In theory, you could ask a general agent to pull data from PubChem, write Python to filter results, and generate plots. But here’s the catch: most of us aren’t software engineers. Catching subtle errors or debugging generated code takes time and expertise—and even skilled coders end up validating every step. Worse, these systems aren’t tuned for chemistry, so they won’t know what filters matter in a lead optimization project or how to flag a result that looks chemically off.

Claude Sonnet 4.5 highlighting potential pitfalls in how it would attempt to respond to "Find all FDA-approved kinase inhibitors with a molecular weight under 450 Da, then analyze their common substructures and predict which scaffold would be most promising for developing a new BTK inhibitor with improved brain penetration."

So while agentic workflows and coding copilots are a big step forward, they still keep the burden on the scientist. You’re the one who has to check outputs, fix scripts, and connect the dots.

The same prompt in Balto returns a comprehensive set of matching kinase inhibitors, supplies the underlying data, provides a human-readable trail of steps taken, and provides chemistry-aware scaffold recommendations. All from a single conversational prompt.

Integrating Tools with GenAI: General vs. Chemistry-Specific

AI Comparison Table
Task General AI copilots / agents Chemistry-specific AI assistant
Connect to external tools Yes — can call APIs or run scripts Yes — pre-connected to chemistry tools and optimized to execute together
Handle chemistry data Only as raw text or numbers Understands molecules, reactions, and structures
User input needed Often requires Python or scripting Simple instructions in plain language
Quality of outputs Depends on user’s coding and checks Tuned for chemical accuracy
Burden on the scientist High — you fix and validate Lower — assistant handles chemistry logic

Running Simulations

This is where general-purpose genAI stops. ChatGPT or Claude can explain what a molecular docking experiment is. They can even write example code for it. But no "out -of-the-box" model is set up to actually run the simulation. At best, you get instructions for tools you’ll have to set up and run yourself.

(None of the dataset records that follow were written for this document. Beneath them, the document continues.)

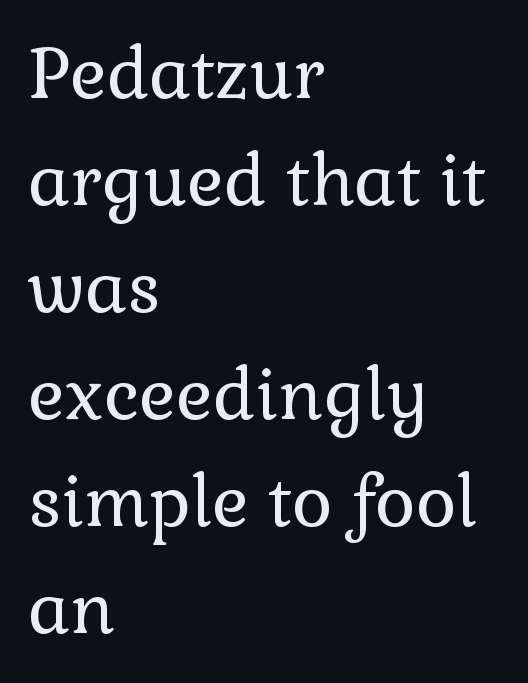
{"serif": "yes", "italic": "no", "bold": "no", "weight": "regular", "width": "normal", "x_height": "medium", "monospaced": "no", "underline": "no", "align": "left", "line_spacing": "normal", "line_spacing_ratio": 1.53, "letter_spacing": "normal", "letter_spacing_em": 0.0, "glyph_px": 70}
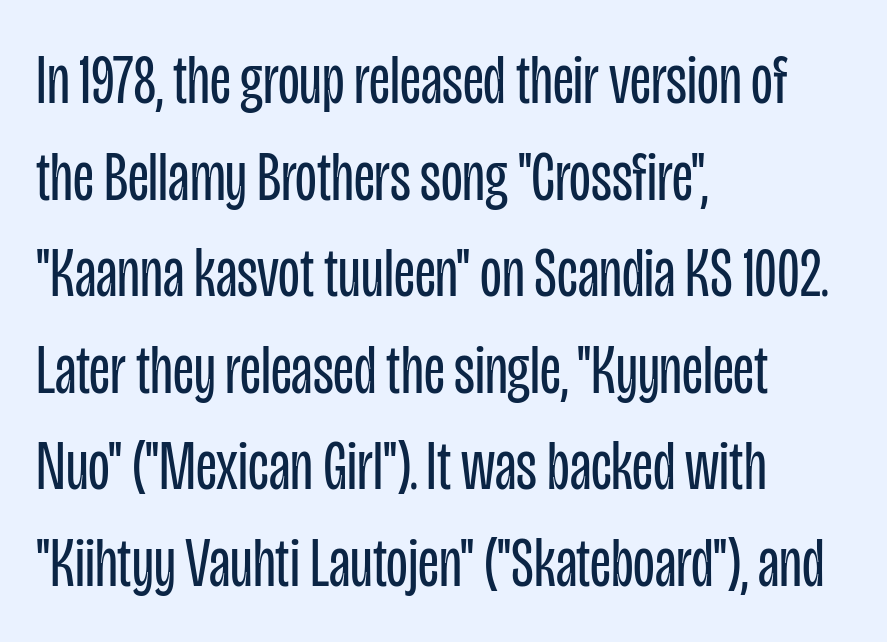
Q: Is the text bold? A: No.
Q: Is the text italic (slanted)? A: No, it is upright.
Q: Is the typeface a serif or a sans-serif typeface? A: Sans-serif.
Q: Is the text underlined? A: No.
Q: How is the paragraph aligned? A: Left-aligned.
Q: Is the spacing between letters normal or unusually wide? A: Normal.
Q: Is the spacing between lines tight, normal or loose? A: Normal.
Q: Width (condensed, normal, or wide)? A: Condensed.
Q: Stroke contrast? A: Low.
Q: x-height? A: Large.
Q: Monospaced? A: No.
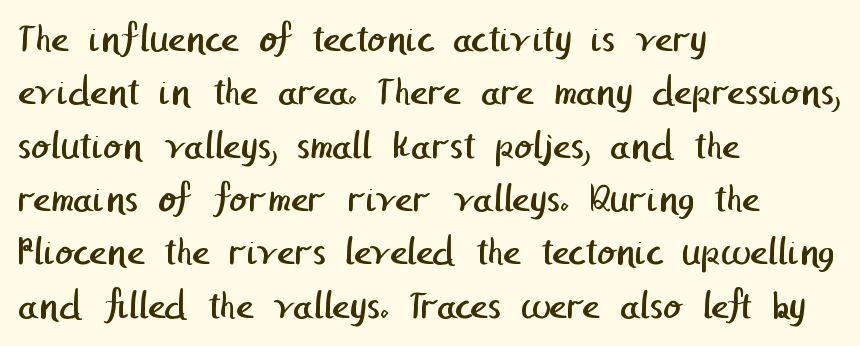
The paragraph shown leans on its left margin. This is not heavy type; no bold has been used. The passage shown is typeset with a sans-serif family. This rendering features lettering with no underline. The rendering uses a moderate line-height, typical for paragraphs. Look at the tracking — it's just the regular setting, nothing added.
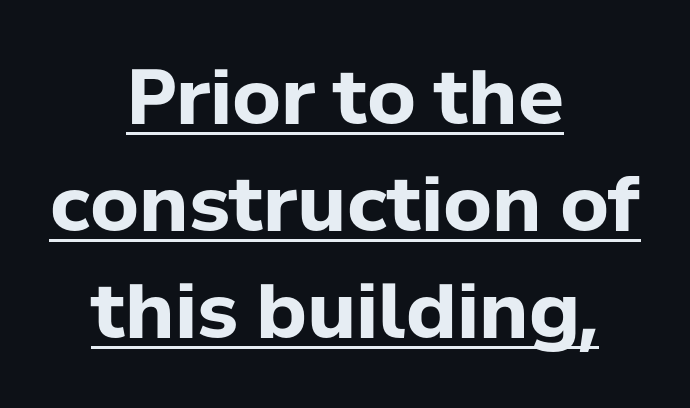
The image shows 76 px bold sans-serif type, upright; set centered, normal line spacing (1.41x), normal letter spacing, underlined; low stroke contrast and a medium x-height.
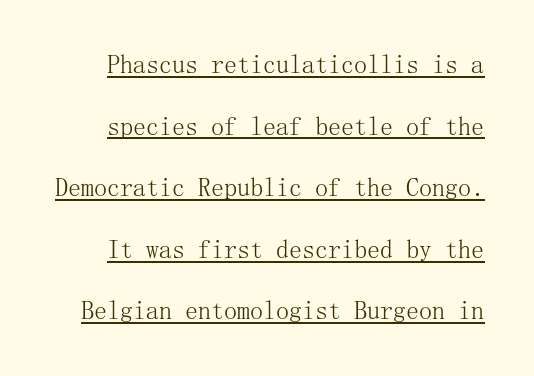
The rendering uses a large line-height, opening up the rows. Posture: straight, roman, zero tilt. Glance below the letters and you will spot a drawn line. Caption: face not bold, strokes unweighted. Does extra space separate the letters? No, they use regular spacing.

A chemistry-specific AI assistant changes that. Instead of telling you how to run a simulation, it runs it for you. Docking, pocket finding, ADMET prediction—these are built into the system. You ask in plain language, and the assistant produces usable results.

Claude Sonnet 4.5 writes a Python script one could potentially use after installing required software, manually downloading data, and changing settings

That’s the difference between an AI that only talks about science and one that can do science. For a medicinal chemist, it means going straight from idea to data in the same tab without writing code.

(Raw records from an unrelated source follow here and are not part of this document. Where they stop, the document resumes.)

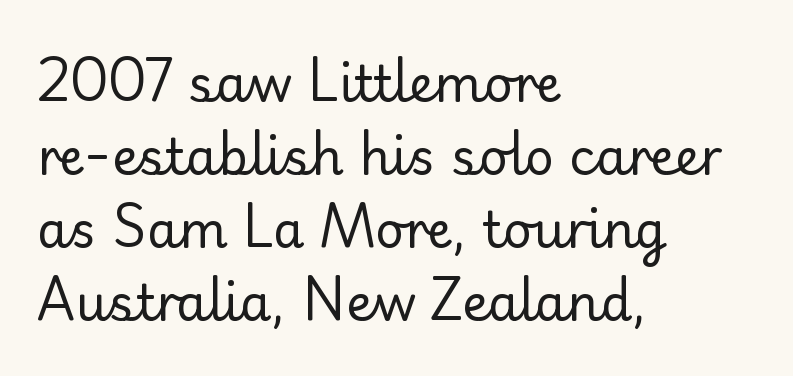
Looks like regular typesetting: each glyph gets only the width it needs. The letterforms sit shoulder to shoulder at normal distance. The cut favours lightness, reaching ordinary text weight at its darkest. It's the straight-up-and-down kind of type. I'd call this a serif setting — the letters wear small feet.
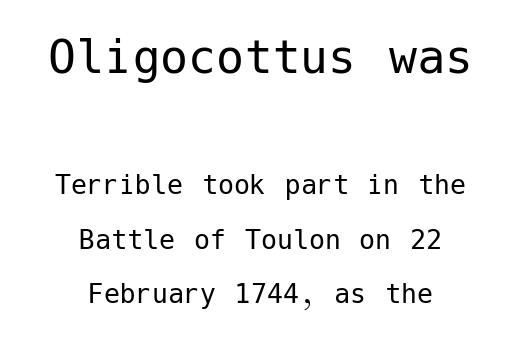
The image shows 56 px regular-weight sans-serif type, upright; set centered, normal line spacing (1.69x), normal letter spacing, not underlined; the first (top) block is 1.75x larger; low stroke contrast and a medium x-height.
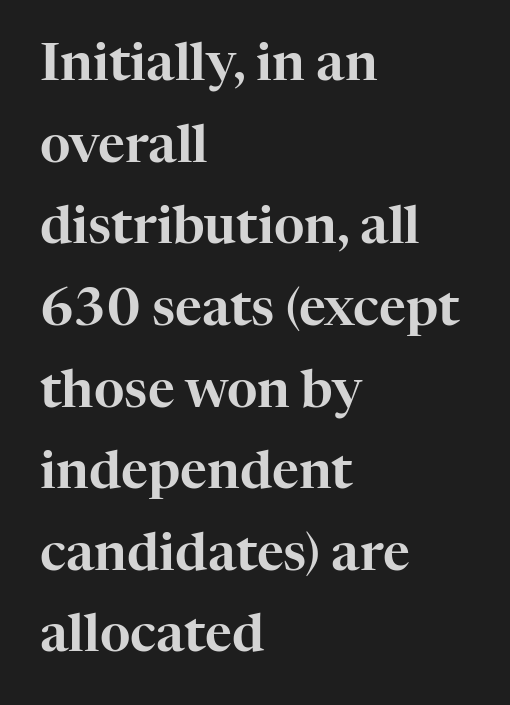
The image shows 52 px serif type, upright; set left-aligned, normal line spacing (1.57x), normal letter spacing, not underlined; high stroke contrast and a medium x-height.

Running Molecular Simulations: General vs. Chemistry-Specific

AI Comparison Table
Task General-purpose AI Chemistry-specific AI assistant
Explain simulation concepts Yes — can describe methods like docking or MD Yes — plus tailored to chemistry use cases
Generate example code Yes — Python scripts or workflows Not needed — runs simulations directly
Run simulations No Yes — docking, pocket finding, ADMET predictions, etc.
Output format Text or code only Usable chemical results, ready for analysis
Scientist effort High — set up software, validate code Lower — focus on interpreting results

Interpreting Results

Analyzing outputs is just as important as running the job. General AI models can summarize results, but they don’t know enough chemistry to judge them correctly. They might overstate an outcome, misinterpret a graph, or simply make something up. This is the risk of hallucination — the model fills in blanks with guesses.

A chemistry-specific AI assistant is tuned differently. It doesn’t just summarize data; it can interpret it with the rules and context of the field. For example, it can highlight whether a docking score is within a realistic range, flag odd results, or point out if a conformer looks unstable. Instead of acting like a general storyteller, it behaves more like a trained colleague who knows what “normal” looks like in medicinal chemistry. Additionally, domain-specific visualizations are the bread and butter of informed decision making and collaboration in life science research. These domain-specific visualizations are yet to be included in common LLMs.

The result of two prompts to Balto (1) "Dock Adempas to crystal ligand site of 7D9R" and "yes", resulting in manipulate-able underlying data and industry-specific visualizations

Interpreting Scientific Results: General vs. Chemistry-Specific

AI Comparison Table
Task General-purpose AI Chemistry-specific AI assistant
Summarize outputs Yes — but may miss key details Yes — with focus on chemical context
Identify errors or odd results Limited — lacks domain checks Stronger — flags unrealistic or unstable results
Handle numerical outputs (e.g. docking scores) Often misinterprets or guesses Understands typical ranges and significance
Risk of hallucination High — fills gaps with guesses Lower — grounded in chemistry and biology knowledge
Usefulness for chemists Surface-level insight Reliable interpretation that supports decisions

Benchmarks: Scientific Comprehension to Help You Do Work

A chemistry-aware assistant isn’t just about running simulations—it’s about understanding scientific material well enough to guide decisions. To measure this, we evaluated Balto on LitQA2 (Future House), a benchmark designed to test deep reading comprehension of real scientific papers.

Balto’s LitQA2 score: 86% pass rate (172/200)

  • PaperQA2 (Future House): 66.0% ± 1.2
  • Human experts: 67.7% ± 11.9
  • Typical LLM performance without tool use: ~25–30%

This means Balto reads and reasons about chemical literature at a level that exceeds reported human expert performance and surpasses existing published benchmarks—not because it is a general LLM, but because it is tuned specifically for chemistry and built to work with chemical structures and data.

Percentage accuracy correct by model or human on the LitQA2 benchmark. Note that Humans had unlimited time and tool access.

This level of comprehension is what makes the next step possible: an assistant that not only understands your work, but can help do the work.

Acting Like a Lab Assistant

Most AI tools today stop at talking. They read, they summarize, they even suggest code. But they don’t plan an experiment with you. And they don’t carry out the steps.

A chemistry-specific AI assistant shifts from being a “chatbot” to being a lab assistant. It can plan workflows: suggest which molecules to test, flag where to focus next, and lay out the steps in order. And it doesn’t stop there — it can also do the work: extract molecules, run docking, generate conformers, and return results you can use.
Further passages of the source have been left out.